I morti e i feriti degli attacchi non sono ebrei: lo ha dichiarato il rabbino della Comunità ebraica di Halle, citato dal sito del quotidiano Frankfurter Allgemeine Zeitung (Faz).

Citando la polizia, la Faz conferma che una delle vittime è una donna ed è stata uccisa «nella Humboldtstrasse, nei pressi del cimitero» ebraico (contiguo alla sinagoga) mentre l’uomo è morto «in un fast food» (il ristorante di kebab distante circa 500 metri dal luogo di culto ebraico).

Secondo attacco
«Una bomba a mano è stata inoltre lanciata al cimitero ebraico», ha scritto il sito del quotidiano tedesco Bild, il quale ha riferito che ci sarebbe stato anche «uno scontro a fuoco» a Wiedersdorf, nei pressi di Halle.

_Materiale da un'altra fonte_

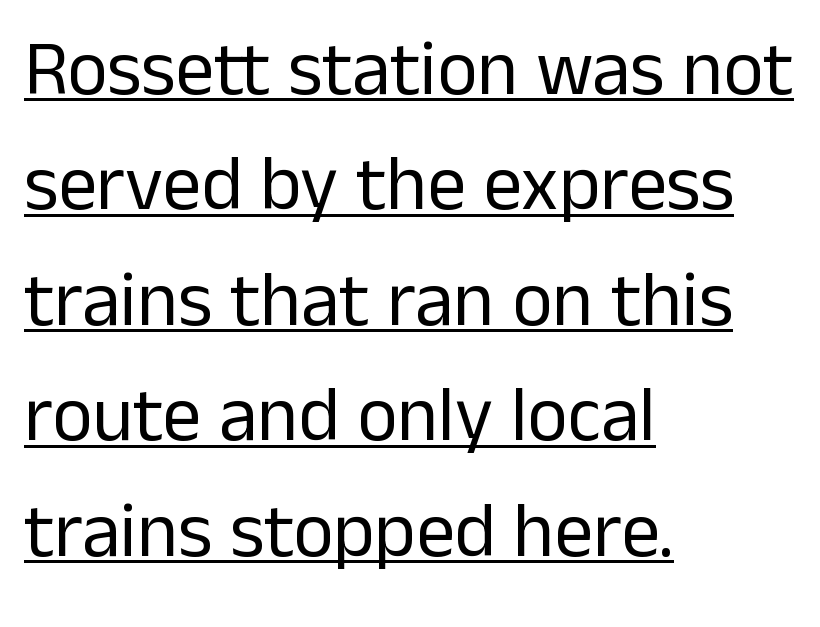
The image shows 77 px regular-weight sans-serif type, upright; set left-aligned, normal line spacing (1.5x), normal letter spacing, underlined; low stroke contrast and a medium x-height.
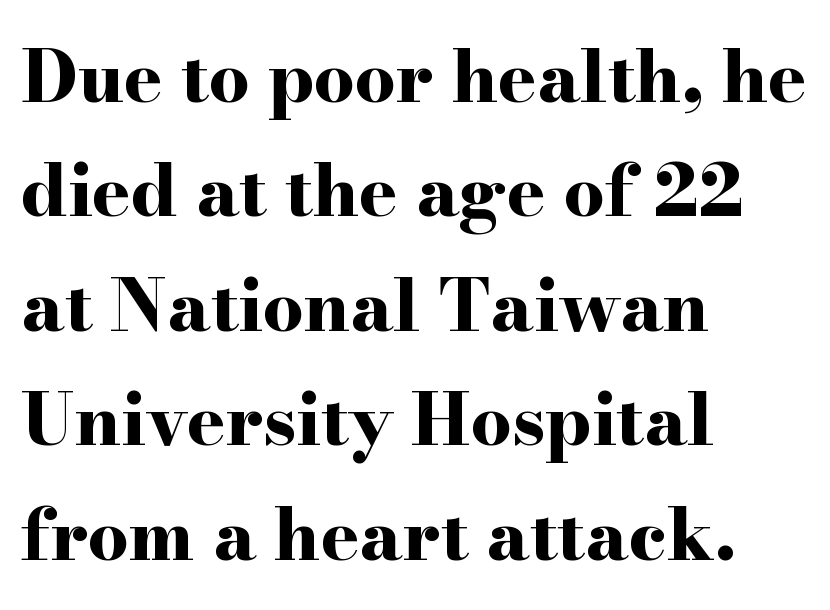
{"serif": "yes", "italic": "no", "bold": "yes", "weight": "bold", "width": "wide", "stroke_contrast": "high", "x_height": "small", "monospaced": "no", "underline": "no", "align": "left", "line_spacing": "normal", "line_spacing_ratio": 1.59, "letter_spacing": "normal", "letter_spacing_em": 0.0, "glyph_px": 72}
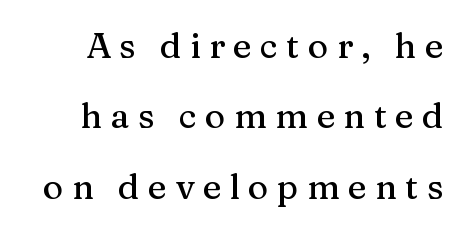
The image shows 35 px serif type, upright; set loose line spacing (2.01x), unusually wide letter spacing (+0.24 em), not underlined; medium stroke contrast and a medium x-height.
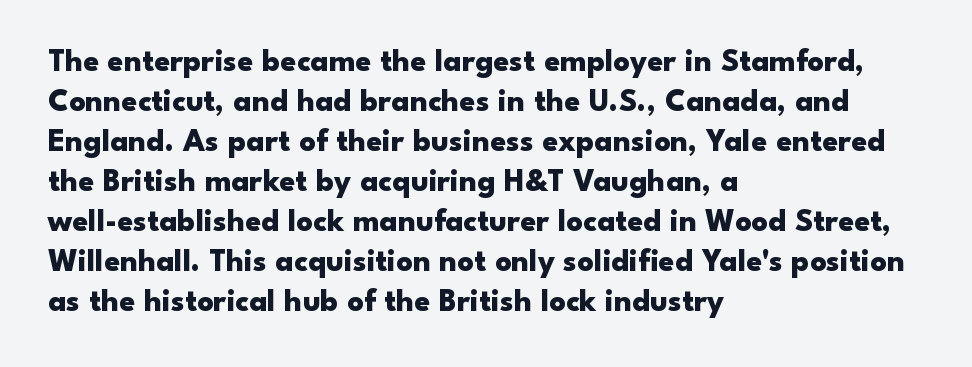
Q: Is the text bold? A: Yes.
Q: Is the text italic (slanted)? A: No, it is upright.
Q: Is the typeface a serif or a sans-serif typeface? A: Sans-serif.
Q: Is the text underlined? A: No.
Q: How is the paragraph aligned? A: Left-aligned.
Q: Is the spacing between letters normal or unusually wide? A: Normal.
Q: Is the spacing between lines tight, normal or loose? A: Normal.
Q: Width (condensed, normal, or wide)? A: Wide.
Q: Stroke contrast? A: Low.
Q: x-height? A: Small.
Q: Monospaced? A: No.
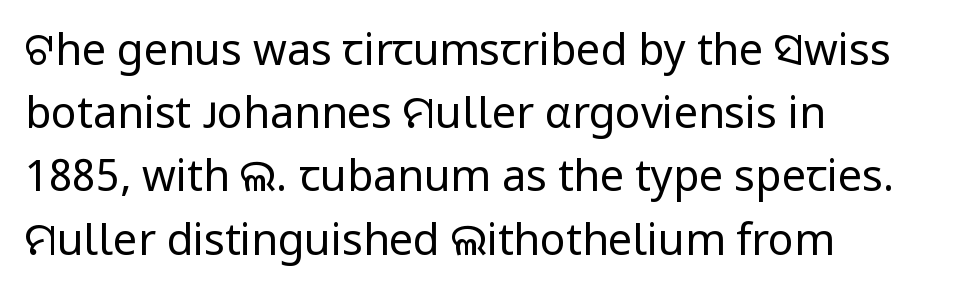
No word sits above an underline. The lines in this sample share a left origin and differ only in where they stop. Vertically, the passage feels balanced, rows spaced as you'd expect. Think of a printed novel: that variable character pitch is what you see here.
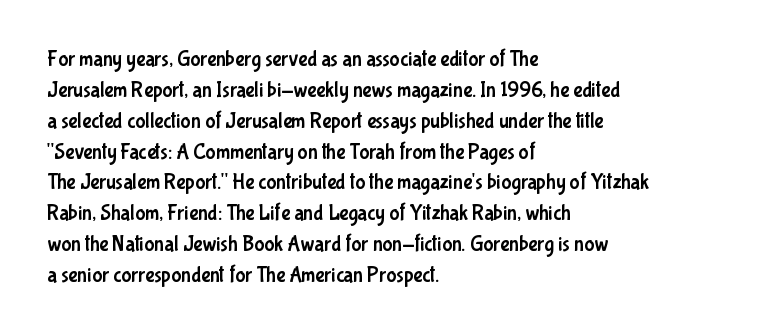
There is no visible air inserted between adjacent glyphs. Alignment: flush left. The words here are not underlined. The axis of the letterforms is exactly vertical. The designer left line spacing at the default.
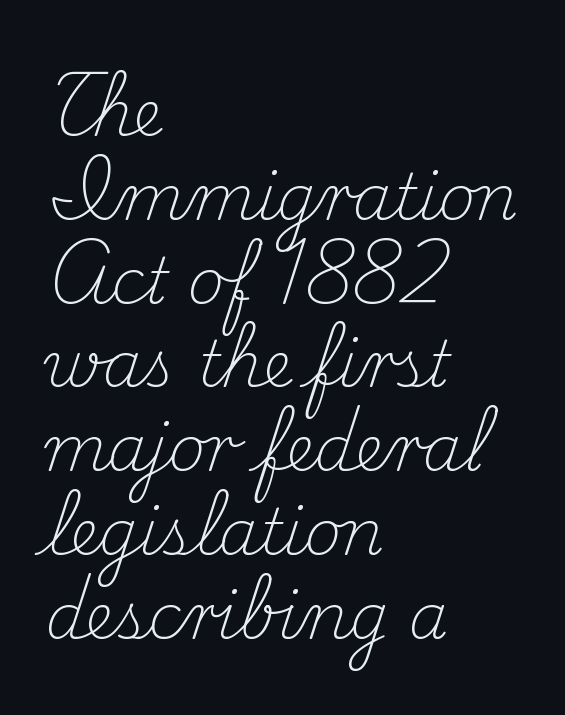
Vertically, the passage feels balanced, rows spaced as you'd expect. The passage shown is not underscored anywhere. Caption: standard tracking, unaltered. Nothing heavy about these letters — not bold at all.
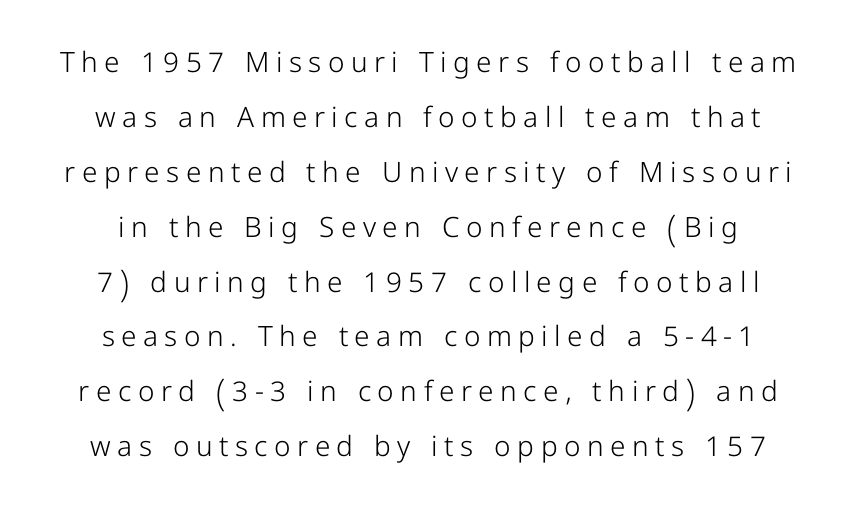
This sample uses an upright cut, with every glyph sitting square on the baseline. Look at the bottom of the vertical strokes: they stop flat, with no serifs. Descenders hang freely into open space. Honestly, the rows look like they've been pulled way apart. Loose tracking; the words dissolve into strings of separated letters.

L’esplosione di «colpi» anche in una località nei pressi di Halle è stata confermata dalla polizia tedesca precisando che si tratta di Landsberg, centro situato «circa 15 chilometri» a est dalla città della Sassonia-Anhalt. Lo riferisce l’agenzia tedesca Dpa aggiungendo che una portavoce della polizia di Halle non ha voluto fornire altri dettagli.

Nel frattempo «la stazione centrale di Halle è chiusa», hanno annunciato in un tweet le Ferrovie tedesche.

Per le comunità di estrema destra il killer è un «santo»
L’attacco «non è stato ancora rivendicato da alcun gruppo, ma le comunità online di estrema destra l’hanno già fatto proprio e chiamano l’ignoto sparatore «santo». Lo scrive su Twitter Rita Katz, direttrice di Site, un sito di monitoraggio dell’estremismo sul web, ricordando che lo stesso epiteto fu da loro rivolto a Brenton Tarrant, il terrorista di estrema destra autore del massacro nelle moschee di Christchurch, in Nuova Zelanda.